◆ Work order ◆
From the first line to the last, repeat the records exactly and skip the pictures.

**** Entries supplied

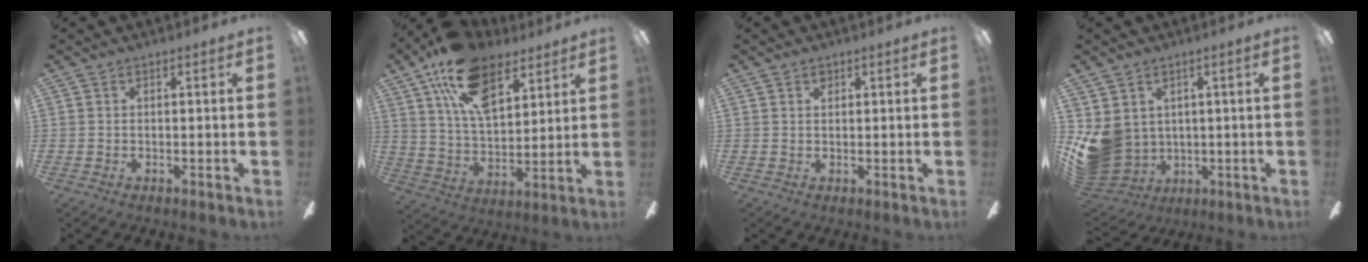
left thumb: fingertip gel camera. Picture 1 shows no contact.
{"total": 18.4, "force": [10.7, 9.5, 11.5], "torque": [-0.209, -0.031, 0.193]}
{"total": 1.1, "force": [0.7, 0.7, 0.4], "torque": [-0.001, -0.001, 0.012]}
{"total": 9.0, "force": [1.1, 8.2, 3.4], "torque": [-0.109, -0.013, 0.028]}
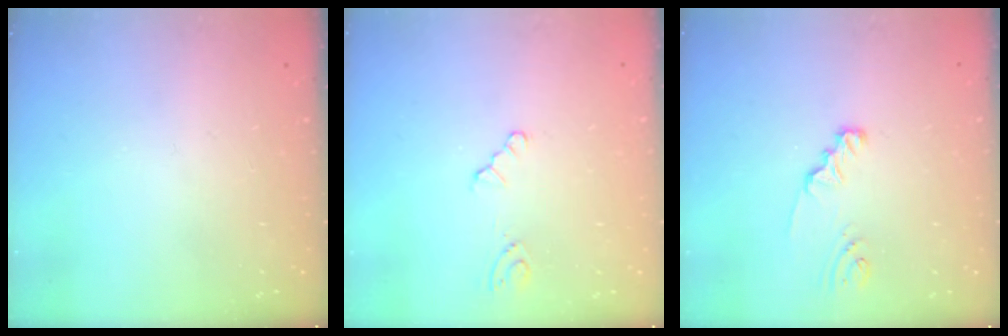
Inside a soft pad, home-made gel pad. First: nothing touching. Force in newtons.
{"total": 2.1, "press": 2.1, "slide": 0.3}
{"total": 2.1, "press": 2.1, "slide": 0.2}
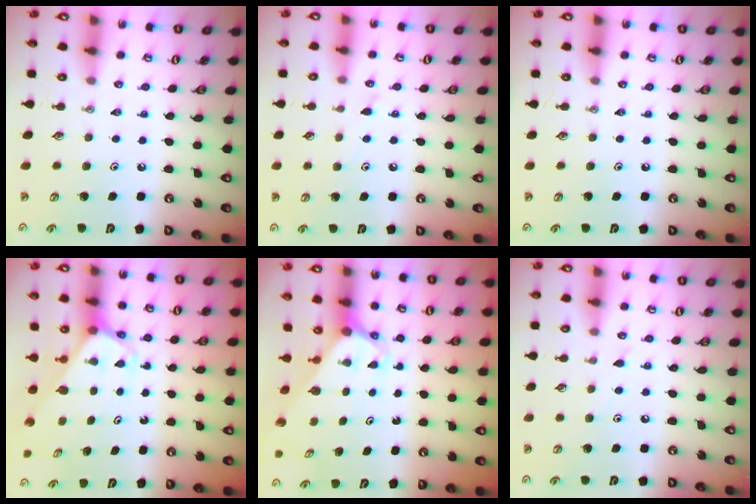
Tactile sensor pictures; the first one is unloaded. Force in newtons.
{"total": 6.1, "press": 6.0, "slide": 0.7}
{"total": 0.0}
{"total": 2.7, "press": 2.7, "slide": 0.2}
{"total": 2.7, "press": 2.7, "slide": 0.1}
{"total": 4.1, "press": 4.1, "slide": 0.6}
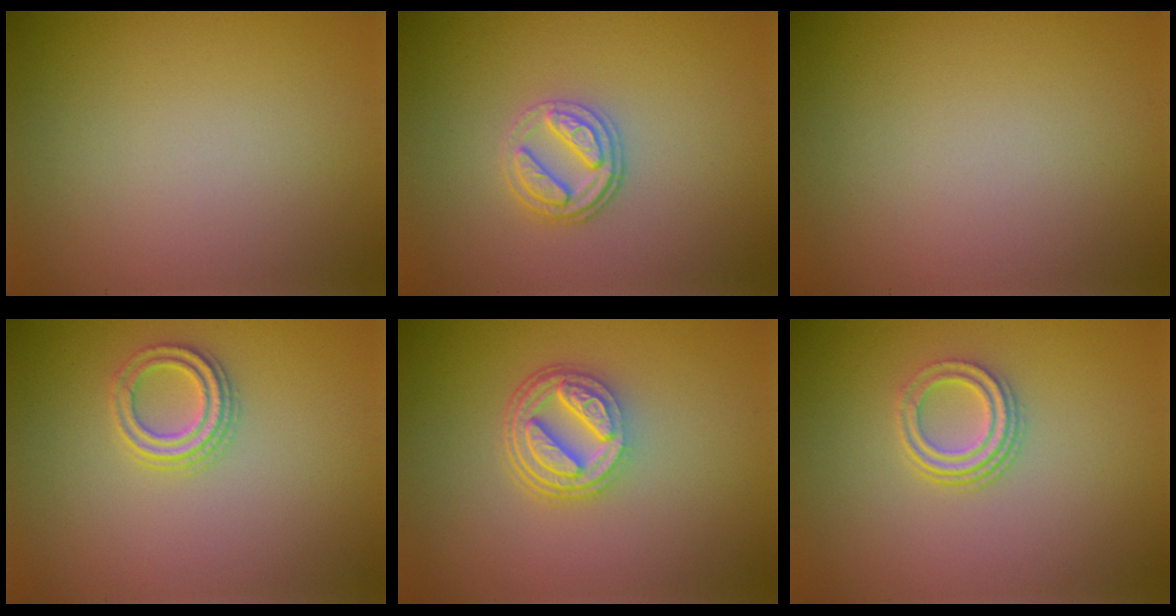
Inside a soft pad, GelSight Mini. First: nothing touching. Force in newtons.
{"total": 2.7, "press": 2.6, "slide": 0.8}
{"total": 0.0}
{"total": 2.3, "press": 2.2, "slide": 0.8}
{"total": 5.1, "press": 3.8, "slide": 3.4}
{"total": 2.9, "press": 2.2, "slide": 1.9}
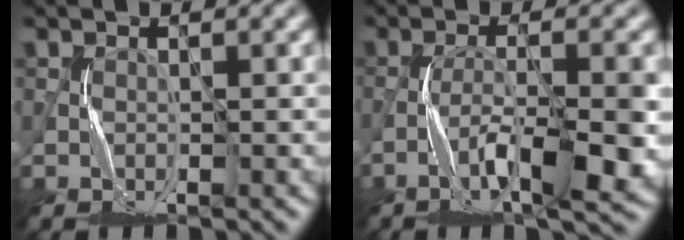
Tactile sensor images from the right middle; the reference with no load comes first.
{"total": 7.1, "force": [-3.0, 1.5, 6.3], "torque": [-0.112, 0.004, -0.051]}
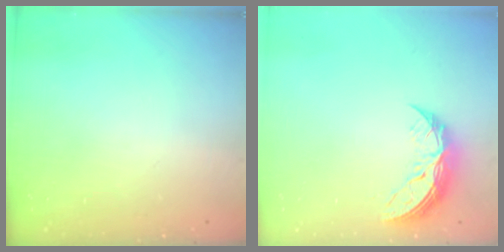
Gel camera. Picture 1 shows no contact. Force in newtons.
{"total": 9.3, "press": 9.3, "slide": 0.5}
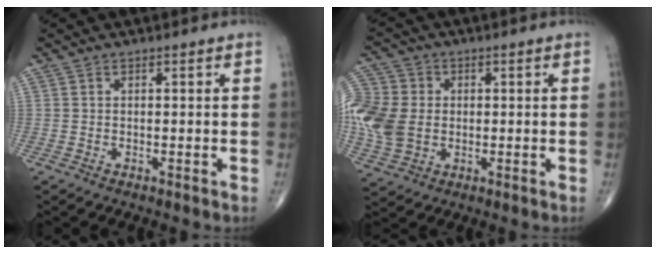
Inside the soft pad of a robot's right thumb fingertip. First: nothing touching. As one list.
[{"total": 14.9, "force": [-0.5, 12.0, 8.9], "torque": [-0.214, 0.007, -0.006]}]
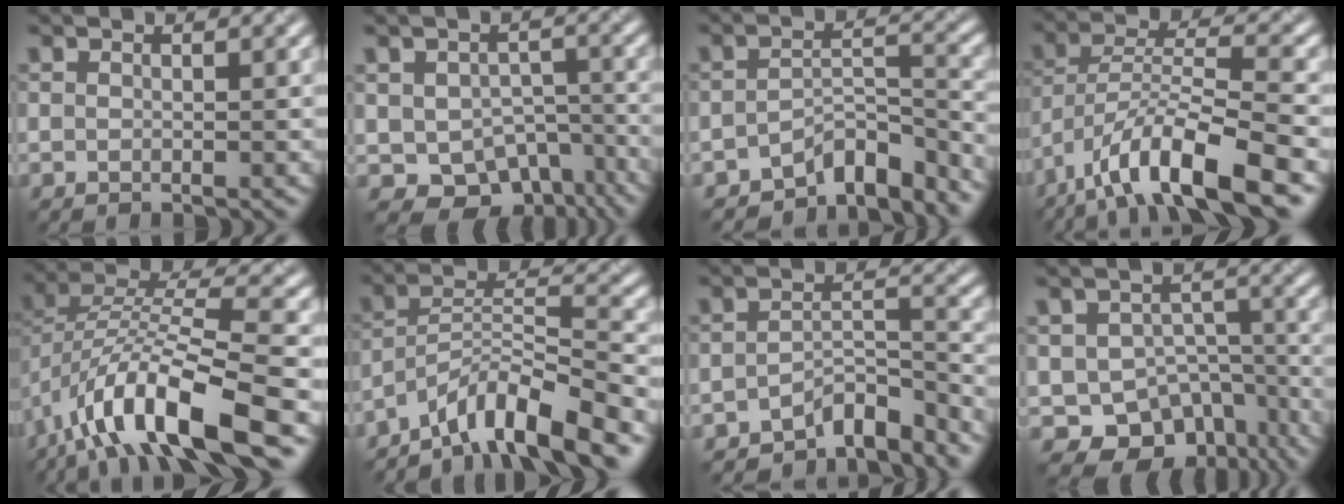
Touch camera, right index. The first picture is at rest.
{"total": 7.4, "force": [-3.7, 4.9, 4.0], "torque": [-0.053, -0.032, -0.039]}
{"total": 5.7, "force": [-4.8, 2.0, 2.3], "torque": [-0.016, 0.000, -0.079]}
{"total": 10.6, "force": [-6.8, 2.7, 7.7], "torque": [-0.125, 0.010, -0.126]}
{"total": 11.7, "force": [-5.7, 3.7, 9.5], "torque": [-0.175, 0.009, -0.109]}
{"total": 8.3, "force": [-6.5, 1.4, 5.0], "torque": [-0.076, 0.010, -0.120]}
{"total": 5.0, "force": [-4.4, 1.5, 1.9], "torque": [-0.015, 0.004, -0.074]}
{"total": 8.1, "force": [-4.3, 5.7, 3.8], "torque": [-0.043, -0.029, -0.051]}
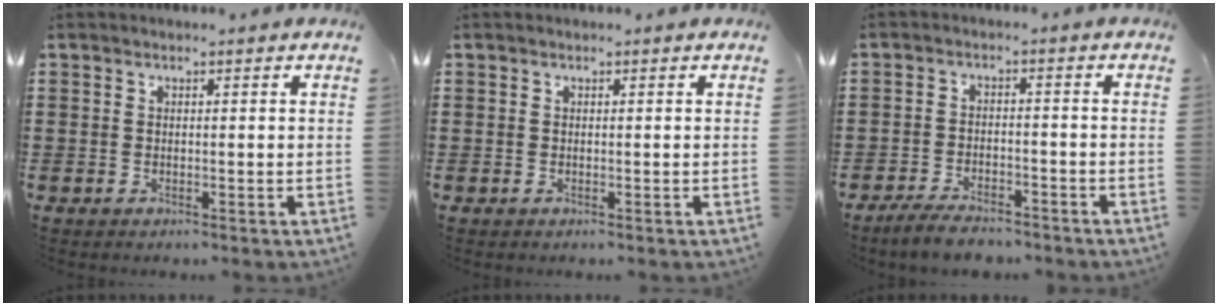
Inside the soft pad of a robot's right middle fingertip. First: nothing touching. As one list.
[{"total": 0.0}, {"total": 4.1, "force": [-3.8, 0.8, 1.4], "torque": [-0.031, 0.005, -0.077]}]
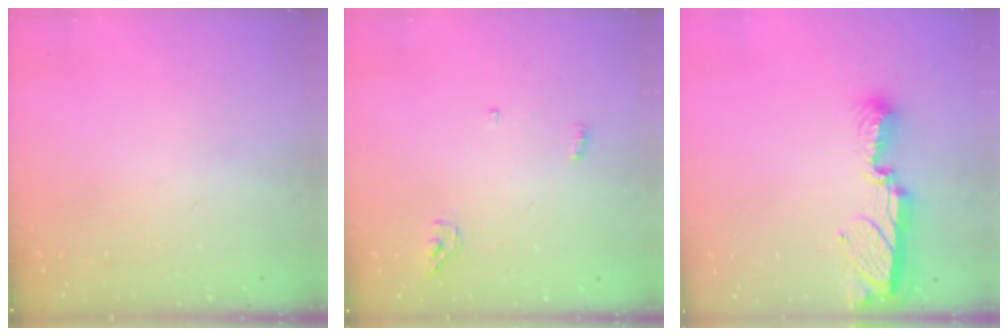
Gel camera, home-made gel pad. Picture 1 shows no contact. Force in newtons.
{"total": 3.6, "press": 3.5, "slide": 0.9}
{"total": 9.9, "press": 9.7, "slide": 2.0}
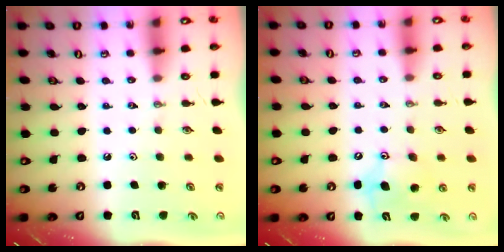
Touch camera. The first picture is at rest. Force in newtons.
{"total": 9.6, "press": 9.3, "slide": 2.5}
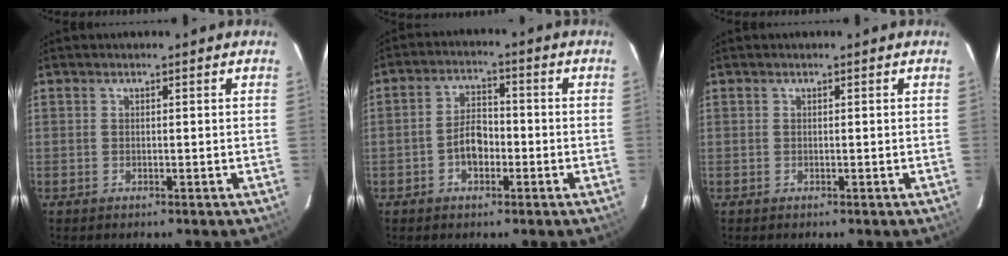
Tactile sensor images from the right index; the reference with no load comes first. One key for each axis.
{"total": 5.3, "fx": -1.9, "fy": 3.3, "fz": 3.7, "tx": -0.069, "ty": 0.014, "tz": -0.030}
{"total": 0.0}
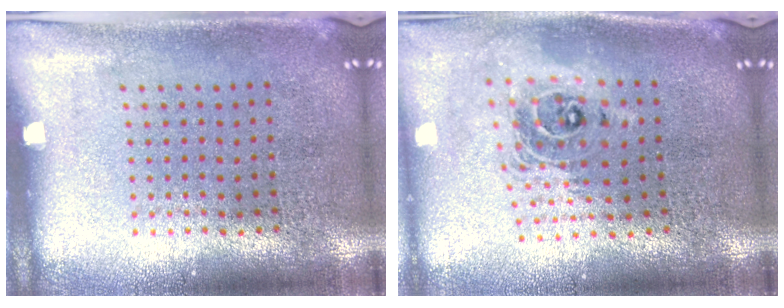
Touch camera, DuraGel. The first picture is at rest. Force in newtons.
{"total": 2.0, "press": 1.6, "slide": 1.3}
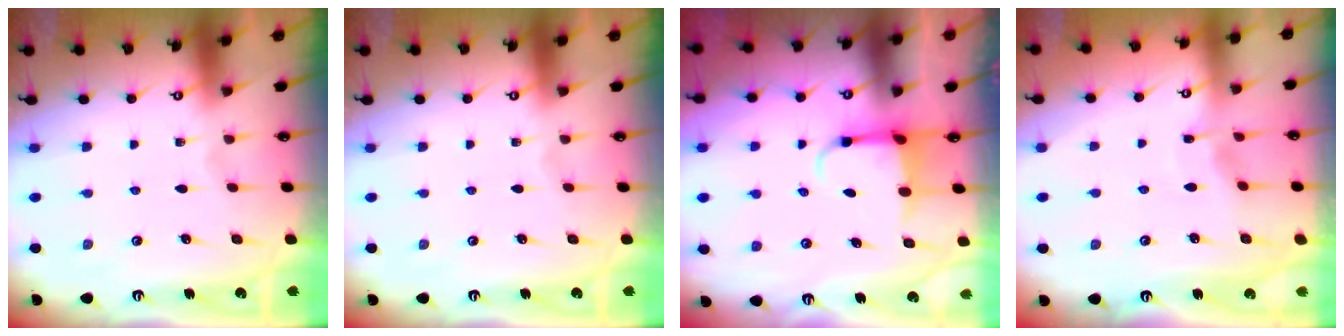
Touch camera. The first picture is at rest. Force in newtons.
{"total": 0.0}
{"total": 3.9, "press": 3.7, "slide": 1.1}
{"total": 3.0, "press": 2.9, "slide": 0.4}
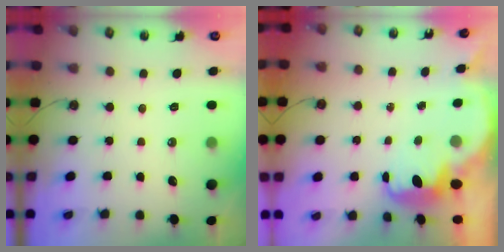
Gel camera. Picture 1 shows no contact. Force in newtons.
{"total": 2.5, "press": 2.5, "slide": 0.6}
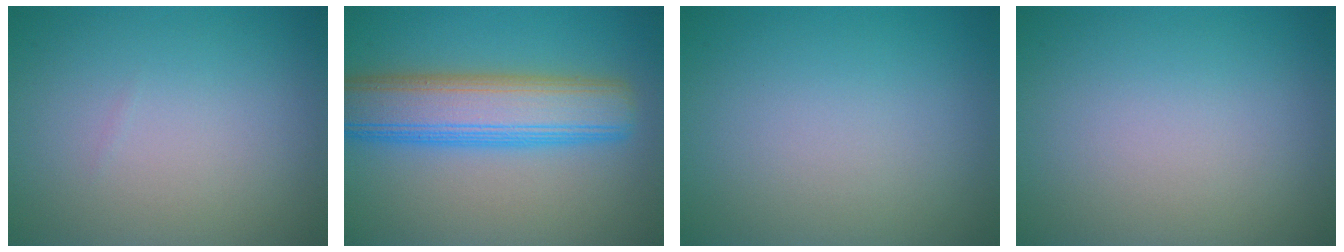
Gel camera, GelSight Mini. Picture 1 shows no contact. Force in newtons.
{"total": 8.2, "press": 8.2, "slide": 0.2}
{"total": 0.0}
{"total": 0.0}

********

◆ Result for this exercise ◆
left thumb: fingertip gel camera. Picture 1 shows no contact.
{"total": 18.4, "force": [10.7, 9.5, 11.5], "torque": [-0.209, -0.031, 0.193]}
{"total": 1.1, "force": [0.7, 0.7, 0.4], "torque": [-0.001, -0.001, 0.012]}
{"total": 9.0, "force": [1.1, 8.2, 3.4], "torque": [-0.109, -0.013, 0.028]}
Inside a soft pad, home-made gel pad. First: nothing touching. Force in newtons.
{"total": 2.1, "press": 2.1, "slide": 0.3}
{"total": 2.1, "press": 2.1, "slide": 0.2}
Tactile sensor pictures; the first one is unloaded. Force in newtons.
{"total": 6.1, "press": 6.0, "slide": 0.7}
{"total": 0.0}
{"total": 2.7, "press": 2.7, "slide": 0.2}
{"total": 2.7, "press": 2.7, "slide": 0.1}
{"total": 4.1, "press": 4.1, "slide": 0.6}
Inside a soft pad, GelSight Mini. First: nothing touching. Force in newtons.
{"total": 2.7, "press": 2.6, "slide": 0.8}
{"total": 0.0}
{"total": 2.3, "press": 2.2, "slide": 0.8}
{"total": 5.1, "press": 3.8, "slide": 3.4}
{"total": 2.9, "press": 2.2, "slide": 1.9}
Tactile sensor images from the right middle; the reference with no load comes first.
{"total": 7.1, "force": [-3.0, 1.5, 6.3], "torque": [-0.112, 0.004, -0.051]}
Gel camera. Picture 1 shows no contact. Force in newtons.
{"total": 9.3, "press": 9.3, "slide": 0.5}
Inside the soft pad of a robot's right thumb fingertip. First: nothing touching. As one list.
[{"total": 14.9, "force": [-0.5, 12.0, 8.9], "torque": [-0.214, 0.007, -0.006]}]
Touch camera, right index. The first picture is at rest.
{"total": 7.4, "force": [-3.7, 4.9, 4.0], "torque": [-0.053, -0.032, -0.039]}
{"total": 5.7, "force": [-4.8, 2.0, 2.3], "torque": [-0.016, 0.000, -0.079]}
{"total": 10.6, "force": [-6.8, 2.7, 7.7], "torque": [-0.125, 0.010, -0.126]}
{"total": 11.7, "force": [-5.7, 3.7, 9.5], "torque": [-0.175, 0.009, -0.109]}
{"total": 8.3, "force": [-6.5, 1.4, 5.0], "torque": [-0.076, 0.010, -0.120]}
{"total": 5.0, "force": [-4.4, 1.5, 1.9], "torque": [-0.015, 0.004, -0.074]}
{"total": 8.1, "force": [-4.3, 5.7, 3.8], "torque": [-0.043, -0.029, -0.051]}
Inside the soft pad of a robot's right middle fingertip. First: nothing touching. As one list.
[{"total": 0.0}, {"total": 4.1, "force": [-3.8, 0.8, 1.4], "torque": [-0.031, 0.005, -0.077]}]
Gel camera, home-made gel pad. Picture 1 shows no contact. Force in newtons.
{"total": 3.6, "press": 3.5, "slide": 0.9}
{"total": 9.9, "press": 9.7, "slide": 2.0}
Touch camera. The first picture is at rest. Force in newtons.
{"total": 9.6, "press": 9.3, "slide": 2.5}
Tactile sensor images from the right index; the reference with no load comes first. One key for each axis.
{"total": 5.3, "fx": -1.9, "fy": 3.3, "fz": 3.7, "tx": -0.069, "ty": 0.014, "tz": -0.030}
{"total": 0.0}
Touch camera, DuraGel. The first picture is at rest. Force in newtons.
{"total": 2.0, "press": 1.6, "slide": 1.3}
Touch camera. The first picture is at rest. Force in newtons.
{"total": 0.0}
{"total": 3.9, "press": 3.7, "slide": 1.1}
{"total": 3.0, "press": 2.9, "slide": 0.4}
Gel camera. Picture 1 shows no contact. Force in newtons.
{"total": 2.5, "press": 2.5, "slide": 0.6}
Gel camera, GelSight Mini. Picture 1 shows no contact. Force in newtons.
{"total": 8.2, "press": 8.2, "slide": 0.2}
{"total": 0.0}
{"total": 0.0}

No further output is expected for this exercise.